Wednesday's House vote to approve permanent normal trade status for Beijing won't end US complaints about Chinese government behavior. Getting a divided China to live up to free-trade promises is likely to require constant pressure - and discussions about human rights are sure to continue.
But if the Senate follows the House lead, as looks likely, Congress will in essence have agreed to stand back and let China try to integrate itself with the global economy on its own terms (view from China, page 6). The world will then learn whether the forces of 21st-century capitalism can moderate an authoritarian nation's internal policies, where 10 years of jawboning largely could not.
"The vote will contribute to the evolution of the world in a more peaceful and prosperous direction," insists Michael Oksenberg, a Stanford University China expert.
House passage of Permanent Normal Trade Relations with China may illustrate an important factor of 21st century geopolitics. Like it or not, for good or bad, the world is in an era when the values of pure global economics are triumphant.
"It's clear that there is no turning back on the road from nationalism to economic globalization," says Ben Barber, a political scientist at Rutgers University.
There is significant opposition to the fact that trade often trumps human rights. That can be seen in the demonstrations that hit Seattle during the World Trade Organization meetings there, and in the less-severe protests in Washington during the International Monetary Fund's annual meetings.
But these protesters focus too much on the negative, says Professor Barber. They want to stop globalization - something that might now be about as easy as towing an aircraft carrier backward with a canoe.
The challenge is to contain the current wild anarchy of the global economy by exporting civil institutions and democracy along with grain, he says. That means further opening up the processes and decisions of institutions such as the WTO and IMF.
Democracy aside, China's leaders have clearly decided that they need to integrate more fully with the global economy. They are going to do so regardless of what the US does.
In that sense, it is easy to exaggerate the importance of this week's House vote, say experts. It was perhaps more about what would happen in the United States, in terms of opportunities for US-based multinationals, than it was about China.

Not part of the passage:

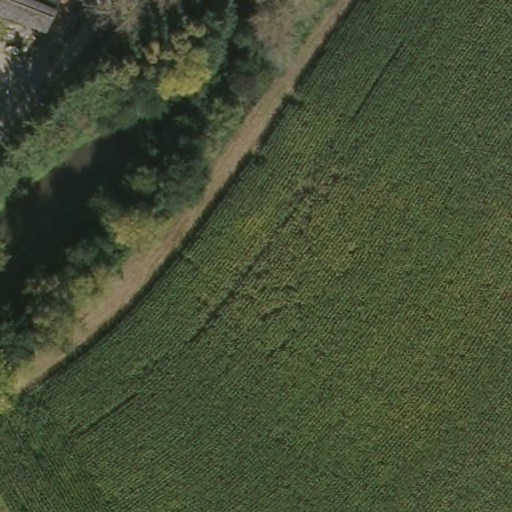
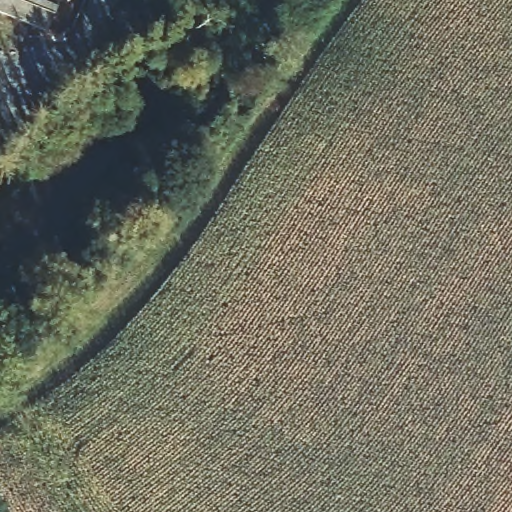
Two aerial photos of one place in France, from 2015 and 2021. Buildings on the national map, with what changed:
unchanged [(0,9),(0,0),(59,0),(49,26),(0,9)]

Failure to approve PNTR would perhaps have been judged a hostile act by Beijing. The reaction could have been harsh.
"Passing this isn't going to solve everything but failure to pass it would have been significant," says Nicholas Lardy, a China expert at the Brookings Institution in Washington.
China and the US now differ about where the road ahead will lead the Middle Kingdom. To President Clinton and other PNTR supporters, more trade will lead to more freedom and inevitably loosen the grip of the Beijing government.
To Beijing leaders, economic globalization will bring enough prosperity to dampen unrest without threatening their authority. "They know they're going down a risky road with globalization, but they feel that in the end, the alternative is more risky," says Mr. Lardy.